Prove that if p, q, r and s are odd integers, then the equation
x^10 + p x^9 - q x^7 + r x^4 - s = 0
has no integer roots.
To prove that the equation has no integer roots, we can use the Rational Root Theorem in combination with parity analysis.
The Rational Root Theorem states that if a polynomial equation with integer coefficients has a rational root, it must be of the form p/q, where p is a factor of the constant term and q is a factor of the leading coefficient.

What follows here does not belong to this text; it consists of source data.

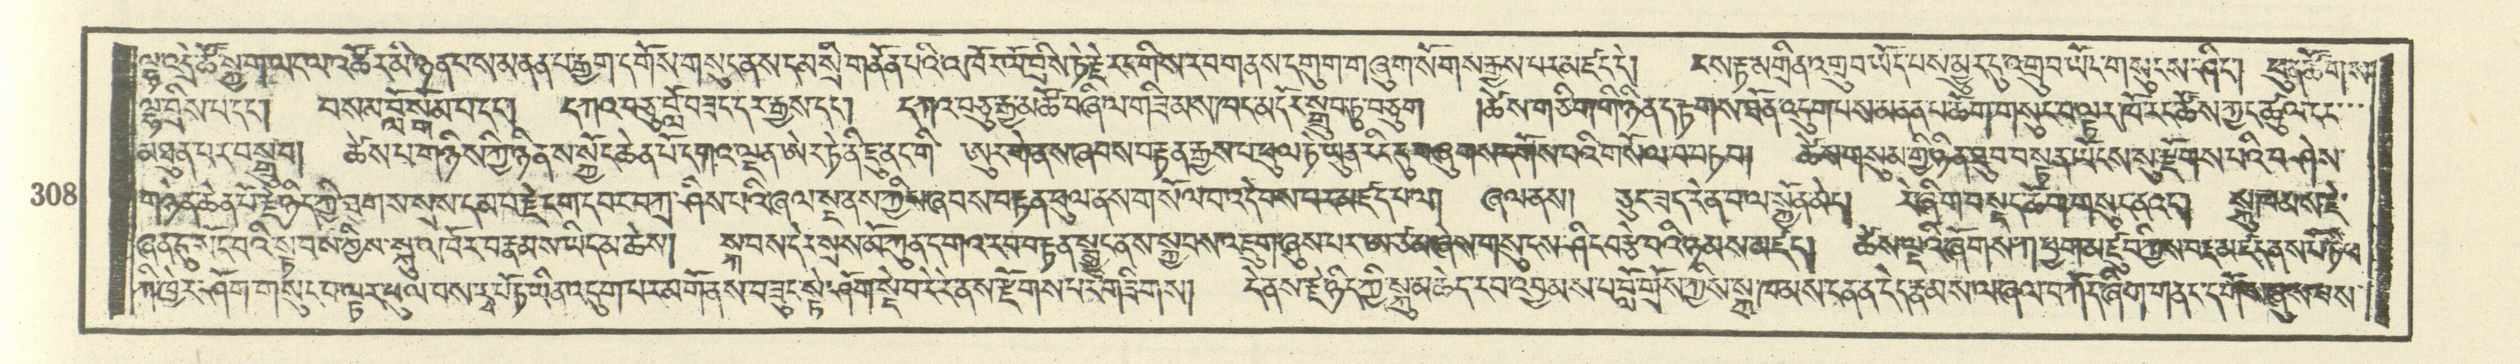ལྷ་འདྲེ་ཚོ་སྐྱག་ཡང་ལ་འཚོར་མི་ཉན་པས་མནན་པ་རྒྱག་དགོས་གསུང་ནས་དམ་སྲི་གནོན་པའི་འཁོར་ལོ་བྲིས་ཏེ་རྗེ་རང་གིས་རབ་གནས་དགུག་གཞུག་སོགས་རྒྱས་པར་མཛད་དེ། ངས་རྟ་མགྲིན་འགྲུབ་ཡོད་པས་མྱུར་དུ་འགྲུབ་ཡོང་གསུངས་ཤིང་། ཕུན་ཚོགས་
ལྷ་བྲིས་པ་དང་། བསམ་བློ་སྒོམ་པ་དང་། དཀའ་བཅུ་བློ་བཟང་དར་རྒྱས་དང་། དཀའ་བཅུ་རྒྱ་མཚོ་བཞི་ལ་གཟིམས་ཁང་མདོར་སྒྲུབ་ཏུ་བཅུག །ཚེས་གཅིག་གི་ཉིན་ད་རྟགས་ཐོན་འདུག་པས་མནན་པ་ཆོག་གསུང་བ་ལྟར་ཁོ་རང་ཚོས་ཀྱང་ཚུལ་དང་
མཐུན་པར་བསྒྲུབ། ཚེས་པ་གཉིས་ཀྱི་ཉིན་ས་སྐྱོང་ཆེན་པོ་དགའ་ལྡན་ཨེར་ཏེ་ནི་ཇུ་ནང་གི་ཨུར་གེ་ནས་ཞབས་བརྟན་རྒྱས་པ་ཕུལ་ཏེ་ཡུན་རིང་དུ་བཞུགས་དགོས་པའི་གསོལ་བ་བཏབ། ཚེས་གསུམ་གྱི་ཉིན་ཐུབ་བསྟན་ཡོངས་སུ་རྫོགས་པའི་བཤེས་
གཉེན་ཆེན་པོ་རྗེ་ཉིད་ཀྱི་ཐུགས་སྲས་དམ་བརྗེ་ངག་དབང་བཀྲ་ཤིས་པའི་ཞལ་སྔ་ནས་ཀྱིས་ཞབས་བརྟན་ཕུལ་ནས་གསོལ་བ་འདེབས་པར་མཛད་པ་ལ། ཞལ་ནས། ཅུང་ཟད་རེ་ན་བ་ལ་སྐྱོན་མེད། རེ་ཞིག་བསྡད་ཆོག་གསུང་ནའང་། སྐུ་ཁམས་ཇེ་
ཞན་དུ་སོང་བའི་སྟབས་ཀྱིས་སྐུ་འཁོར་བ་རྣམས་ཡིད་མ་ཆེས། སྐབས་དེར་སྲས་མོ་ཀུན་དགའ་རབ་བརྟན་སྨྱུང་ནས་སྐྱབས་འཇུག་ཞུས་པར་ཨ་ཙམ་ཞེས་གསུངས་ཤིང་བརྩེ་བའི་ཉམས་མཛད། ཚེས་ལྔའི་ཞོགས་ཀ་ཕྱག་མཛུབ་ཀྱིས་བརྡ་མཛད་ནས་པོ་ཏི་ཕ་
ཀི་ཁྱེར་ཤོག་གསུང་བ་ལྟར་ཕུལ་བས་རྭ་པོ་ཏ་ཡིན་འདུག་པར་མགོ་ནས་བཟུང་སྟེ་ཤོག་སྡེབ་རེ་རེ་ནས་རྫོགས་པར་གཟིགས། དེ་ནས་རྗེ་ཉིད་ཀྱི་སྐུ་མཆེད་རབ་འབྱམས་པ་བློ་གྲོས་ཀྱིས་སྐུ་ཁམས་ངན་ན་དེད་རྣམས་ལ་ཞལ་བཀོད་ཞིག་གནང་དགོས་ཞུས་པས་

Let's analyze the given equation: x^10 + px^9 - qx^7 + rx^4 - s = 0.
1. Parity analysis:
Since p, q, r, and s are odd integers, let's consider the parity (even or odd) of each term in the equation:
- The first term, x^10, is an even power of x, so it is always positive regardless of the value of x.
- The second term, px^9, is an odd power of x multiplied by an odd integer p. Therefore, this term can take both positive and negative values depending on the value of x.
- The third term, qx^7, is an odd power of x multiplied by an odd integer q. Thus, this term can also be positive or negative depending on the value of x.
- The fourth term, rx^4, is an even power of x multiplied by an odd integer r. Hence, this term can take both positive and negative values depending on the value of x.
- The constant term, -s, is a negative odd integer.
2. Possible rational roots:
By applying the Rational Root Theorem, the possible rational roots of the equation are all the factors of -s (the constant term) divided by all the factors of 1 (the leading coefficient):
Possible rational roots: ±[factors of -s] / [factors of 1]
However, since all the factors of 1 are ±1 and all the factors of -s are ±1 and ±s, we can conclude that the only possible rational roots are ±1.
3. Evaluating for x = ±1:
Let's substitute x = ±1 into the given equation and analyze the result:
- For x = 1: 1^10 + p(1)^9 - q(1)^7 + r(1)^4 - s = 1 + p - q + r - s
- For x = -1: (-1)^10 + p(-1)^9 - q(-1)^7 + r(-1)^4 - s = 1 - p + q - r - s
From the parity analysis, we know that the second, third, and fourth terms can take both positive and negative values, while the first and the constant terms are always positive and negative, respectively.
Since the sum of these terms for x = 1 and x = -1 is not equal to zero, the equation x^10 + px^9 - qx^7 + rx^4 - s = 0 has no integer roots.
Therefore, we have proven that if p, q, r, and s are odd integers, the equation x^10 + px^9 - qx^7 + rx^4 - s = 0 has no integer roots.